Gaslighting

'Gaslighting is a form of manipulation that seeks to sow seeds of doubt in a targeted individual or in members of a targeted group, hoping to make them question their own memory, perception, and sanity. Using persistent denial, misdirection, contradiction, and lying, it attempts to destabilise the target and delegitimise the target's belief.'

As Aspies, I'm sure we're particularly prone to this.  I know I am. My experience, too - with a sister-in-law who's a consummate narcissist - has caused me much grief and upset over the last 30 years.  These were years when I not only didn't know that I was autistic, but I also didn't really know what her motivations were.  I've found out so much more about it all since my diagnosis, and through having someone else who knows her tell me that she isn't just like it with me.  For most of those years, I simply thought there was something wrong with me - and she was the one who, more than most, was at pains to keep reminding me.  The damage this woman has done - not just to me, but to other members of my close family - is profound.  Much of it is irreparable.  But at least now I no longer have any reason to have any contact with her - notwithstanding the fact that she's married to my brother.  I'm well rid of her.  She's controlled and manipulated our family for far too long.  My brother is her puppet.  And so competent a puppeteer is she that he doesn't even realise he has strings!  He's well and truly Stockholmed!

For years, I've been told I'm gullible, susceptible, credulous, naive, etc.  I've had my leg pulled time after time, and been the butt-end of jokes.  I've been taken for a ride, scammed, made to look ridiculous.  But I take people at face value.  If they tell me something, I tend to believe them.  Why wouldn't I?  Why would they lie to me?  But people have, and do.  It's why I detest gossip and won't have any part of it, because all it really is is manipulation and destabilisation, perpetuated by a group.  Victimising the vulnerable.  And it gives people a sense of 'belonging' to be onside in the gossip.  If you're not happy with the way someone's behaving or performing - tell them!  But no.  Gossip is easier... and it's more fun.  Huh!

Anyone else got any 'gaslight' tales to share?

Parents
  • Well, I spoke to my manager and the behaviour manager yesterday and they're both much clearer on what caused my panic attack last week - leading to more sick leave.  My manager has said she will certainly ensure that I don't have to work in proximity to this woman again, and that I can speak up any time if I'm not happy about anything.  So, that's good.

    Yesterday, too, I got notification of an interview for the PMLD job at the local FE college.  That's on Monday next - two days before my sick note expires.  If I get offered it this time, I'm going to take it - longer days or not.  I'll never feel entirely comfortable in my current place any more, and I don't see missing another good opportunity again.

    The question now is.... Do I just continue getting sick notes and staying off until they get rid of me, and keep applying for other jobs in the meantime?  Or do I go back next week and carry on?  It'll be a short week, anyway - as will the one after, and the one after that.  I don't like being 'sick' when I feel capable of doing my job.  Just as long as they stick to their word.  They're also offering Occupational Health visits, which could help.

    I think I may just email my manager today saying I'll return as normal.
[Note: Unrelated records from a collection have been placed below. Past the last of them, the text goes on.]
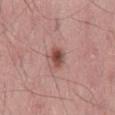Q: Was a biopsy performed?
A: catalogued during a skin exam; not biopsied
Q: What is the imaging modality?
A: total-body-photography crop, ~15 mm field of view
Q: Illumination type?
A: white-light illumination
Q: Lesion location?
A: the mid back
Q: Patient demographics?
A: male, roughly 60 years of age
Q: Lesion size?
A: about 3 mm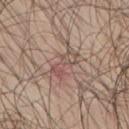* workup: catalogued during a skin exam; not biopsied
* automated lesion analysis: an outline eccentricity of about 0.9 (0 = round, 1 = elongated) and a symmetry-axis asymmetry near 0.3; an average lesion color of about L≈52 a*≈18 b*≈23 (CIELAB), a lesion–skin lightness drop of about 8, and a normalized border contrast of about 5.5
* diameter: ~3.5 mm (longest diameter)
* tile lighting: white-light illumination
* patient: male, about 70 years old
* acquisition: 15 mm crop, total-body photography
* site: the mid back

I know I said at the weekend that I'd made the decision not to go back and claim UC, but I think I'll be in a stronger position to search for other work and take something else if I'm actually back at work.  I know employers aren't supposed to discriminate, but if they ask why you left your last job and you say 'health grounds', I don't think it goes down too well.  Better to be 'in work' at the time.   I think that's probably the best way forwards.

Reply
  • Well, I spoke to my manager and the behaviour manager yesterday and they're both much clearer on what caused my panic attack last week - leading to more sick leave.  My manager has said she will certainly ensure that I don't have to work in proximity to this woman again, and that I can speak up any time if I'm not happy about anything.  So, that's good.

    Yesterday, too, I got notification of an interview for the PMLD job at the local FE college.  That's on Monday next - two days before my sick note expires.  If I get offered it this time, I'm going to take it - longer days or not.  I'll never feel entirely comfortable in my current place any more, and I don't see missing another good opportunity again.
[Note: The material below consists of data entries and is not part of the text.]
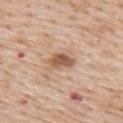Captured during whole-body skin photography for melanoma surveillance; the lesion was not biopsied. The recorded lesion diameter is about 3.5 mm. The lesion is on the upper back. A female patient roughly 70 years of age. Automated tile analysis of the lesion measured a lesion area of about 5.5 mm², a shape eccentricity near 0.8, and two-axis asymmetry of about 0.25. The analysis additionally found an average lesion color of about L≈57 a*≈20 b*≈32 (CIELAB) and a normalized border contrast of about 8.5. The analysis additionally found an automated nevus-likeness rating near 90 out of 100. The tile uses white-light illumination. Cropped from a total-body skin-imaging series; the visible field is about 15 mm.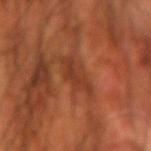Clinical impression: Recorded during total-body skin imaging; not selected for excision or biopsy.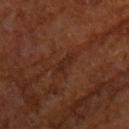Case summary:
- notes · no biopsy performed (imaged during a skin exam)
- subject · male, aged 63–67
- illumination · cross-polarized illumination
- body site · the upper back
- acquisition · total-body-photography crop, ~15 mm field of view
- image-analysis metrics · a mean CIELAB color near L≈24 a*≈20 b*≈25
- lesion diameter · about 3.5 mm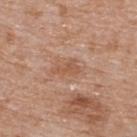| field | value |
|---|---|
| follow-up | total-body-photography surveillance lesion; no biopsy |
| acquisition | total-body-photography crop, ~15 mm field of view |
| subject | female, about 75 years old |
| lesion diameter | about 2.5 mm |
| illumination | white-light |
| anatomic site | the upper back |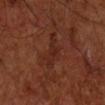Assessment:
No biopsy was performed on this lesion — it was imaged during a full skin examination and was not determined to be concerning.
Context:
A male subject, aged approximately 60. Captured under cross-polarized illumination. A lesion tile, about 15 mm wide, cut from a 3D total-body photograph. Approximately 5 mm at its widest. The lesion is located on the right forearm.

    The question now is.... Do I just continue getting sick notes and staying off until they get rid of me, and keep applying for other jobs in the meantime?  Or do I go back next week and carry on?  It'll be a short week, anyway - as will the one after, and the one after that.  I don't like being 'sick' when I feel capable of doing my job.  Just as long as they stick to their word.  They're also offering Occupational Health visits, which could help.
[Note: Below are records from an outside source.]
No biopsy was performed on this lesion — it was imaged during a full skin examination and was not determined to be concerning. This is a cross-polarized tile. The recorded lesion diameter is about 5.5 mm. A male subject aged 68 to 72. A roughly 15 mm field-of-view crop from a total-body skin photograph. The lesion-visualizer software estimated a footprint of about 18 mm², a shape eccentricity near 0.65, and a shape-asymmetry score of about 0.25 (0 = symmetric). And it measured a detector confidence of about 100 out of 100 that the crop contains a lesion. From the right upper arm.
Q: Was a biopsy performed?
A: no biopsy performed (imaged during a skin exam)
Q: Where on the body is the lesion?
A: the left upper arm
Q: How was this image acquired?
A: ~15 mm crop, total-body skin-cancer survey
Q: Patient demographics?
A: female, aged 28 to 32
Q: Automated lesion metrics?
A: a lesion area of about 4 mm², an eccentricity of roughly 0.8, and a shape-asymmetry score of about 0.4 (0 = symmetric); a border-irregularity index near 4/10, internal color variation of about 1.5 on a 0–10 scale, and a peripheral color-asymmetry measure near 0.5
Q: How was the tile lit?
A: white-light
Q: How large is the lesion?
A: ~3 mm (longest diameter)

    I think I may just email my manager today saying I'll return as normal. I know I said at the weekend that I'd made the decision not to go back and claim UC, but I think I'll be in a stronger position to search for other work and take something else if I'm actually back at work.  I know employers aren't supposed to discriminate, but if they ask why you left your last job and you say 'health grounds', I don't think it goes down too well.  Better to be 'in work' at the time.   I think that's probably the best way forwards.